The IMU itself may contain several sensors, such as accelerometers and gyroscopes, which possess microelectromechanical properties, allowing their capacitance to vary with movement [2]. The accelerometer measures acceleration, while the gyroscope measures angular velocity [3]. Usually, Machine Learning (ML) is applied to enable an association between the signals obtained from these sensors and specific human activities [2]. The typical HAR system comprises the following steps [4]: data acquisition, preprocessing, segmentation, feature extraction, and classification.

Similar to most ML tasks, HAR models perform well when testing on a randomly sampled subset of a carefully acquired dataset (i.e., out-of-sample validation) and struggle in Out-of-Distribution (OOD) settings (i.e., external validation). These settings occur when the source and target domains are different, such as when the models are tested across different datasets or sensor positions [5,6,7].

Deep learning is becoming increasingly popular in HAR applications [8]. While the typical pipeline includes a feature extraction step before training a classifier, deep neural networks automatically learn and extract features through a continuous minimization of a cost function. In principle, a neural network may have millions of learnable parameters, which translates into a large capacity to learn more complex and discriminative features [9]. These models have potential for HAR applications since sensor signals may have many inherent subtleties that may not be recognized by Handcrafted (HC) features. Although a promising approach, significant limitations have been discussed when deep learning models are deployed in real-world environments. Current methods for training deep neural networks may converge to solutions that rely on spurious correlations [10], resulting in models that lack robustness and fail in test domains that are trivial for humans [11].

On the other hand, HC features in this field are well-studied [1,12], more interpretable, and can reach high performance. In  HAR, results with HC features approximate those of deep learning [13,14] even in tasks where the latter thrives, namely when the train and test sets are split by randomly shuffling the data, thus showing similar distributions [15].

Since both methods have advantages and limitations, there is a need for a more detailed comparison between them in various domains. This translates into a need for benchmarks where the similarity between train and test distributions has considerable variability.

As HAR naturally includes many kinds of possible domains, it can be considered an excellent sandbox to study the OOD generalization ability of learning algorithms (Domain Generalization), being previously used for this purpose [16].

This paper compares the performance of learning algorithms based on HC features with deep learning approaches for In-Distribution (ID) and OOD settings. For this comparison, we use five public datasets, homogenized to have the same label space and input shape, so that the models can be easily trained and tested across them. To validate whether the tasks are in fact OOD, several metrics are considered and compared with the purpose of assessing the disparity between train and test sets. To extract HC features, Time Series Feature Extraction Library (TSFEL) [12] was used.

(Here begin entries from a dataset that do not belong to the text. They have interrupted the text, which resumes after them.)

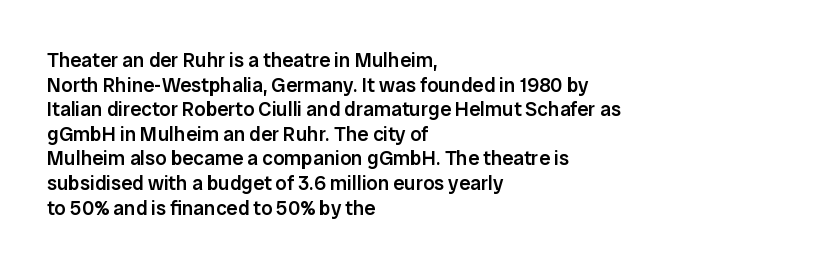
Characters follow at the spacing the type designer built in. The specimen reads as upright at a glance. The specimen omits any rule beneath the text block's lines. Short and long lines alike share a common starting point at left. Notice the strokes are somewhat thickened but not fully heavy: this is a semibold.
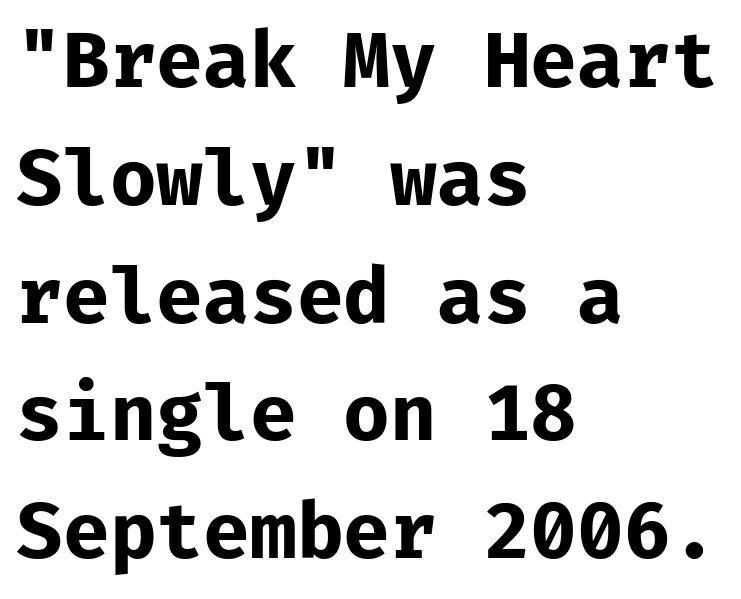
{"serif": "no", "italic": "no", "bold": "yes", "weight": "bold", "width": "normal", "stroke_contrast": "low", "x_height": "medium", "underline": "no", "align": "left", "line_spacing": "normal", "line_spacing_ratio": 1.55, "letter_spacing": "normal", "letter_spacing_em": 0.0, "glyph_px": 76}
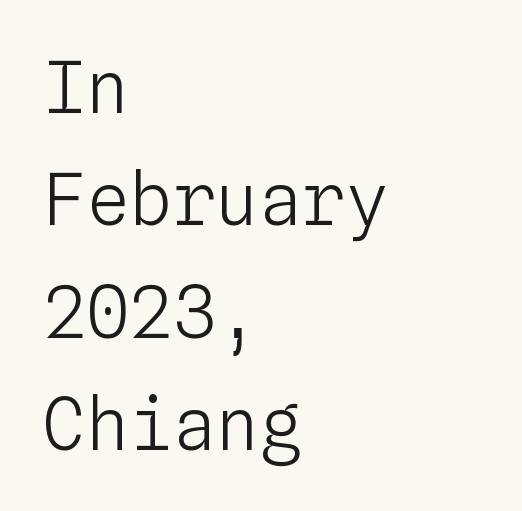
{"italic": "no", "bold": "no", "weight": "light", "width": "normal", "stroke_contrast": "low", "x_height": "medium", "monospaced": "yes", "underline": "no", "align": "left", "line_spacing": "normal", "line_spacing_ratio": 1.56, "letter_spacing": "normal", "letter_spacing_em": 0.0, "glyph_px": 72}
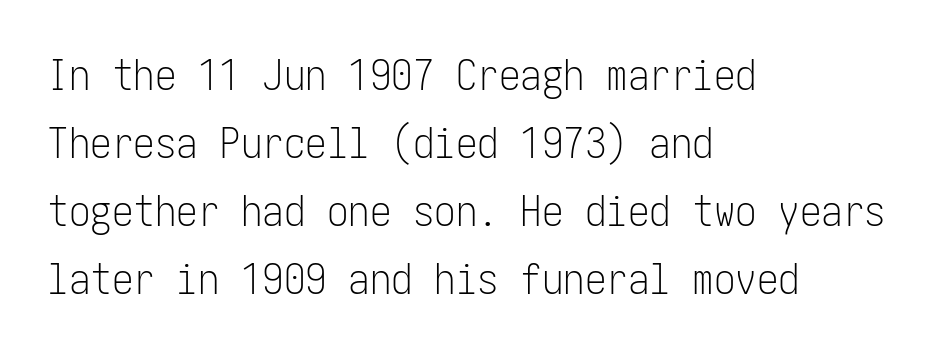
Q: Is the text bold? A: No.
Q: Is the text italic (slanted)? A: No, it is upright.
Q: Is the typeface a serif or a sans-serif typeface? A: Sans-serif.
Q: Is the text underlined? A: No.
Q: How is the paragraph aligned? A: Left-aligned.
Q: Is the spacing between letters normal or unusually wide? A: Normal.
Q: Is the spacing between lines tight, normal or loose? A: Normal.
Q: Width (condensed, normal, or wide)? A: Condensed.
Q: Stroke contrast? A: Low.
Q: x-height? A: Medium.
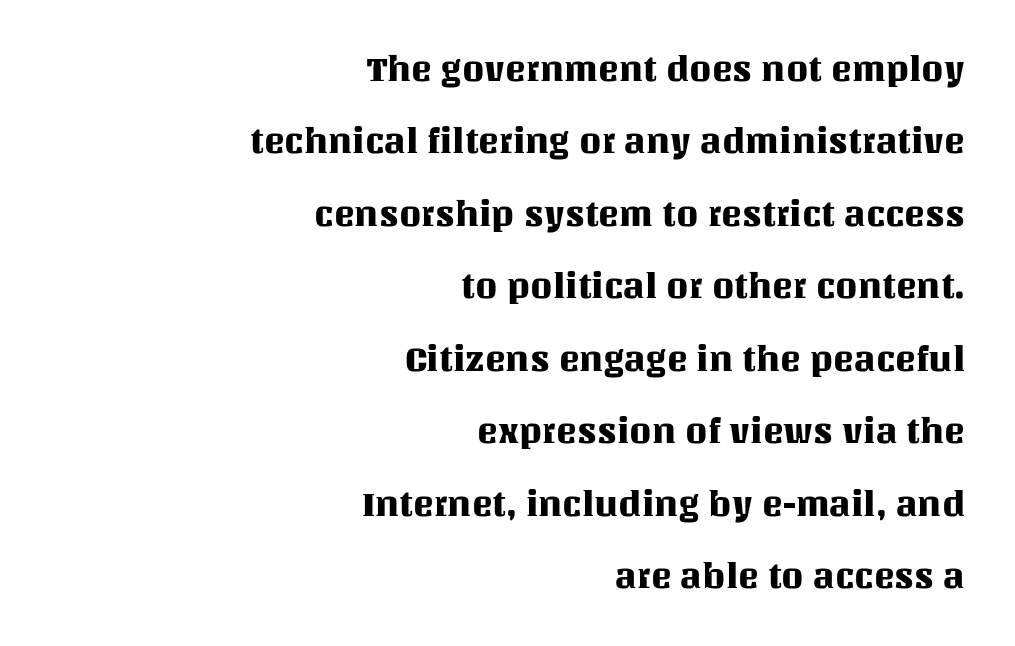
Rows of type keep a wide berth in the vertical direction. Underlining? Definitely not there. The horizontal fit of the characters is conventional and even. Casual observation: everything's shoved over to the right. This is roman type, the default non-slanted kind.
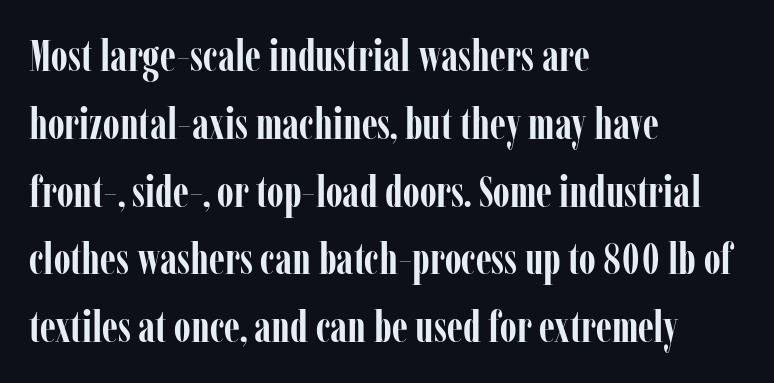
Characters remain perfectly vertical along every line. If you drew a ruler down the left edge, every line would touch it. This block has exactly the height ordinary leading produces. Look at the bottom of the vertical strokes: they flare into serifs here. The rendering uses natural spacing where letterforms have individual widths. The space beneath each line is pristine and unruled.
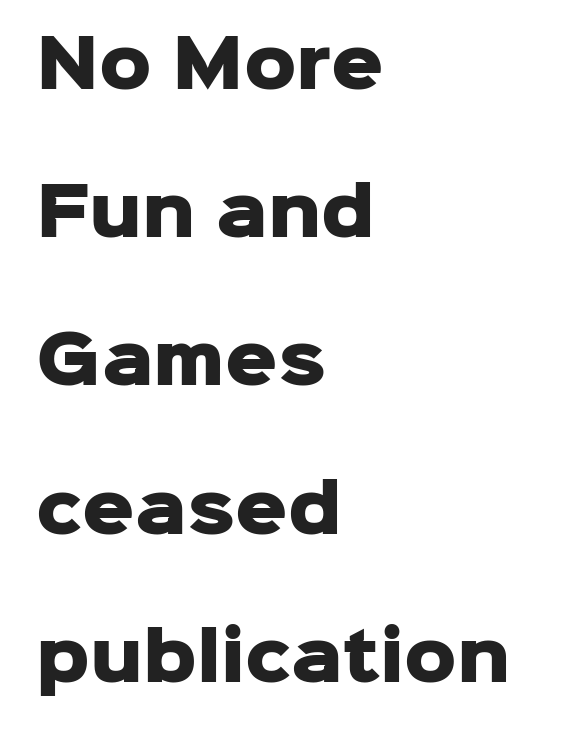
The image shows 65 px heavy sans-serif type, upright; set left-aligned, loose line spacing (2.28x), normal letter spacing, not underlined; low stroke contrast and a medium x-height.
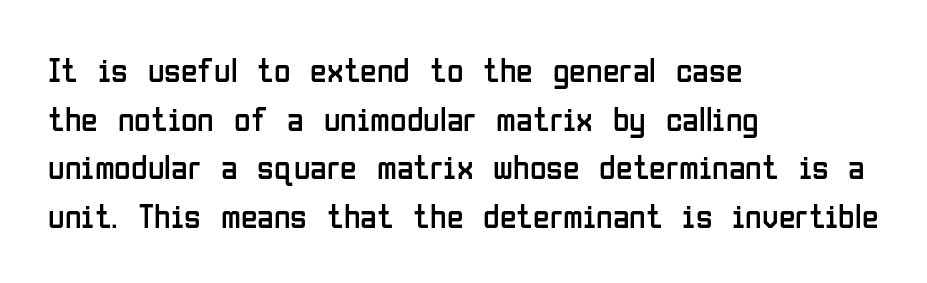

We use one-dimensional Convolutional Neural Networks (CNNs) for our deep learning baselines.

In summary, the major contributions of this work are the following:

• A comparison between different data similarity measures and their relationship to generalization performance.
• A validation of the hypothesis that models based on HC features can be more robust than deep learning models for several HAR tasks in OOD settings.
• An empirical demonstration that a hybrid approach between HC features and deep representations can bridge the gap in OOD performance.

2. Related Work

Several studies compared classic ML approaches using HC features with deep learning methods. The authors from [13,14,17,18] compare CNNs with models based on support vector machines, multilayer perceptrons, and random forests. In all these studies, deep learning approaches outperformed classic methods. However, in their experiments, data splits were created by randomly shuffling the datasets, so samples from possibly different domains are represented in both the train and test sets with similar data distributions.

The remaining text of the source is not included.